*** Opening Data shown ***
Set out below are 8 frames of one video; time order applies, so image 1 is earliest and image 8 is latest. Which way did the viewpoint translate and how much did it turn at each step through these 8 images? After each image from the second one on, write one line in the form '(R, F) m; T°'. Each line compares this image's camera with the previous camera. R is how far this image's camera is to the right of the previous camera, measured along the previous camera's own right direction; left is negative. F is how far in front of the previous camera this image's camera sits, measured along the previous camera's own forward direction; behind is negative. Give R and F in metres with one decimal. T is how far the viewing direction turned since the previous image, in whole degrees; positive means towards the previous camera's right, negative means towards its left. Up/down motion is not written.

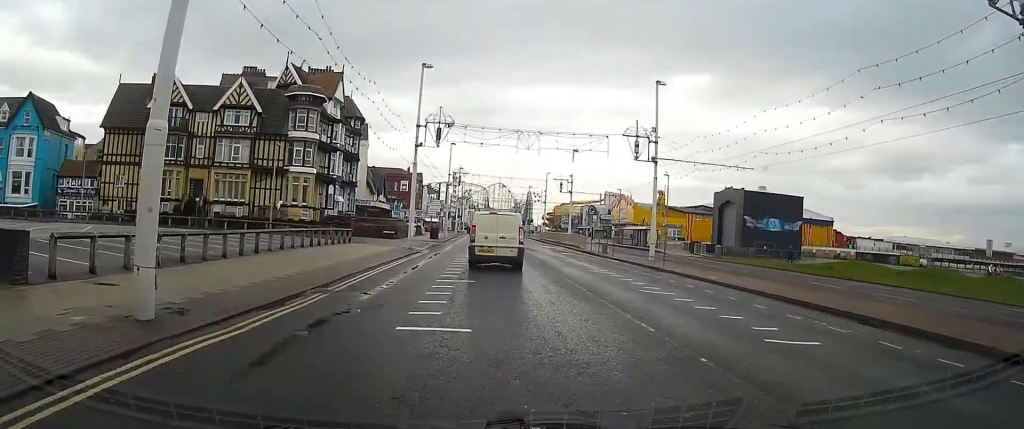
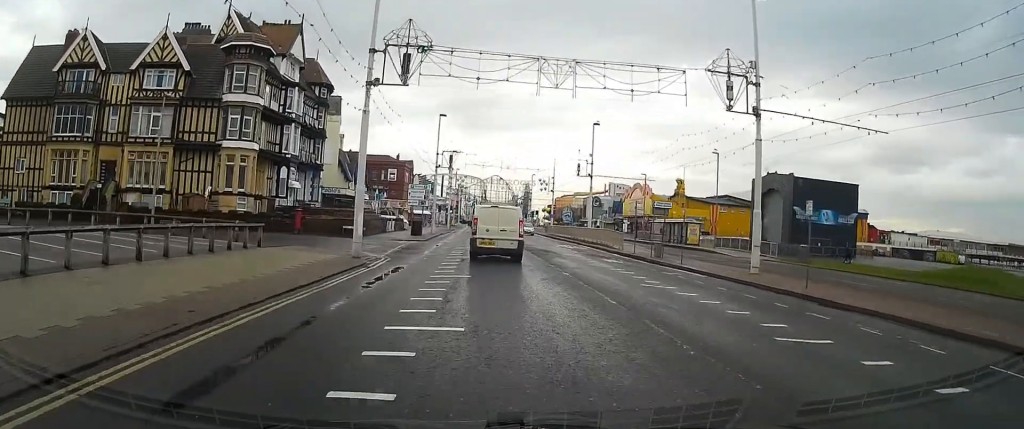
(-0.1, +15.5) m; 0°
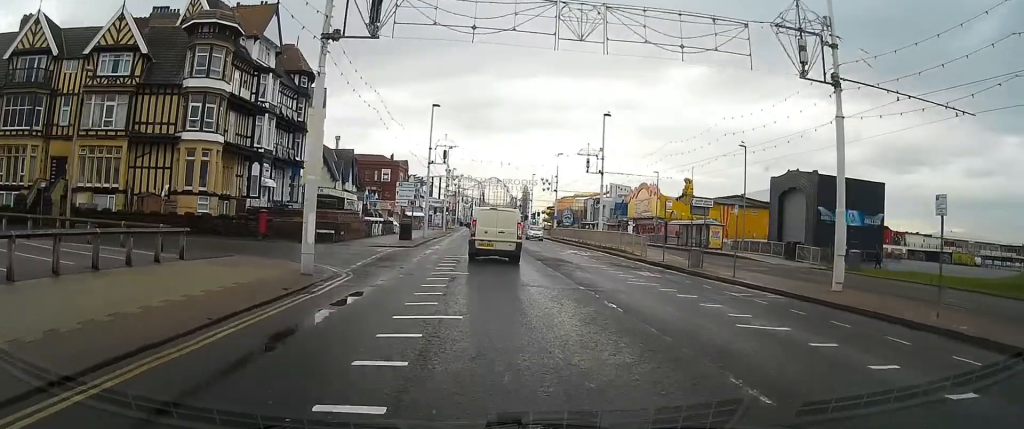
(0.0, +6.3) m; 0°
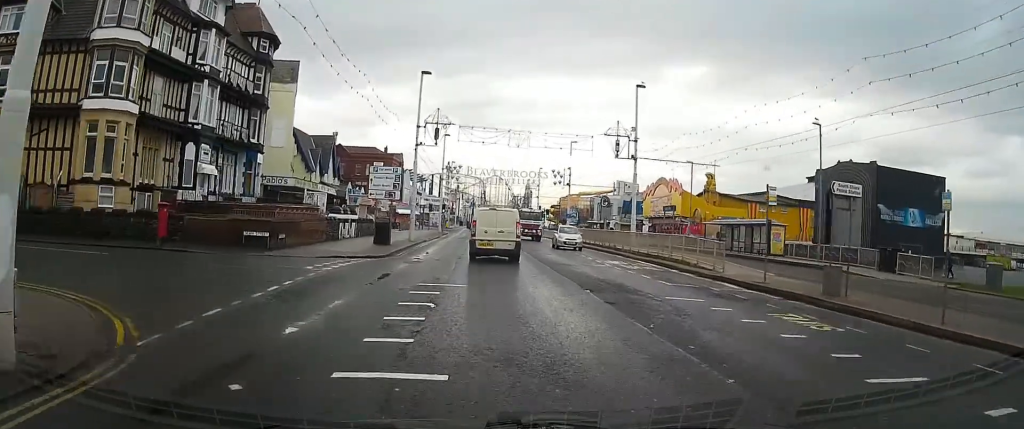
(+0.1, +11.3) m; 0°
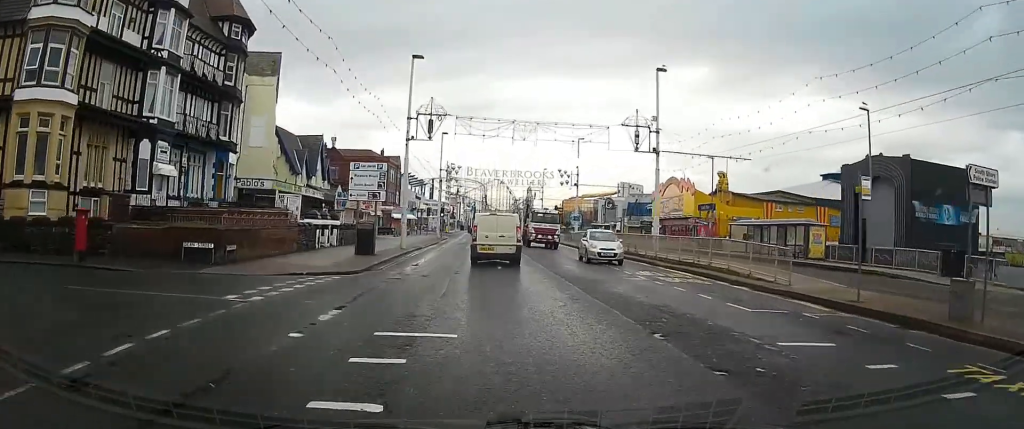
(-0.1, +5.4) m; 0°
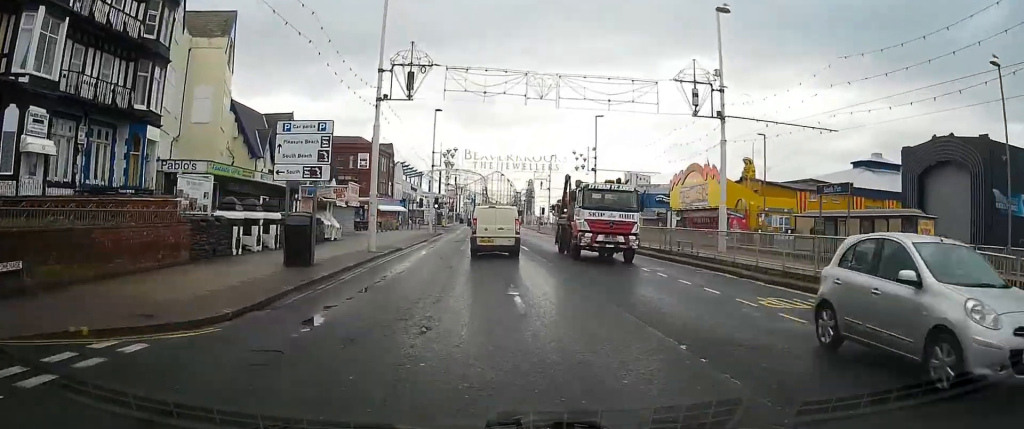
(+0.1, +10.6) m; 0°
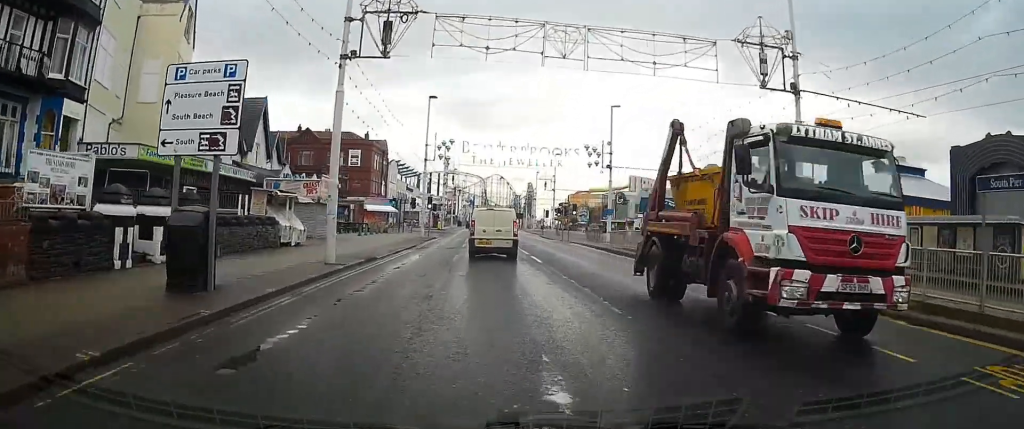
(0.0, +7.1) m; 0°
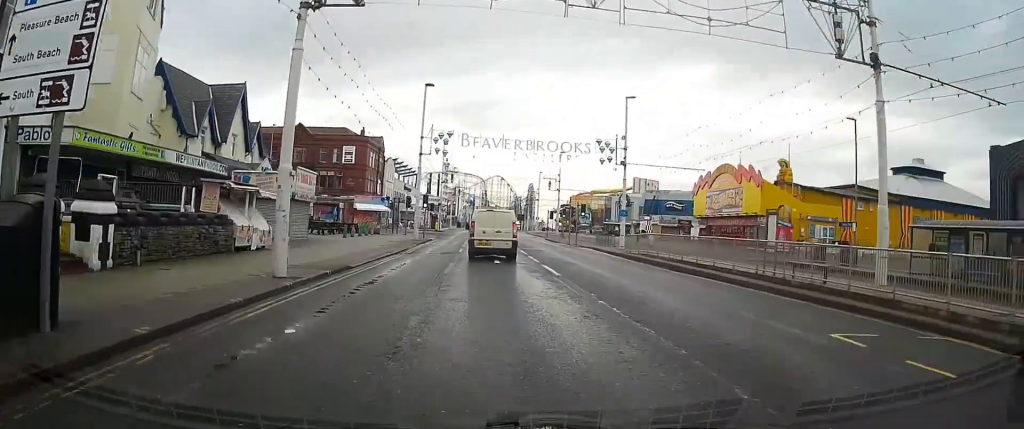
(0.0, +4.8) m; 0°
*** Closing Data shown ***
Your copy should hold every entry exactly as written, but none of the pictures.

### Output:
Set out below are 8 frames of one video; time order applies, so image 1 is earliest and image 8 is latest. Which way did the viewpoint translate and how much did it turn at each step through these 8 images? After each image from the second one on, write one line in the form '(R, F) m; T°'. Each line compares this image's camera with the previous camera. R is how far this image's camera is to the right of the previous camera, measured along the previous camera's own right direction; left is negative. F is how far in front of the previous camera this image's camera sits, measured along the previous camera's own forward direction; behind is negative. Give R and F in metres with one decimal. T is how far the viewing direction turned since the previous image, in whole degrees; positive means towards the previous camera's right, negative means towards its left. Up/down motion is not written.

(-0.1, +15.5) m; 0°
(0.0, +6.3) m; 0°
(+0.1, +11.3) m; 0°
(-0.1, +5.4) m; 0°
(+0.1, +10.6) m; 0°
(0.0, +7.1) m; 0°
(0.0, +4.8) m; 0°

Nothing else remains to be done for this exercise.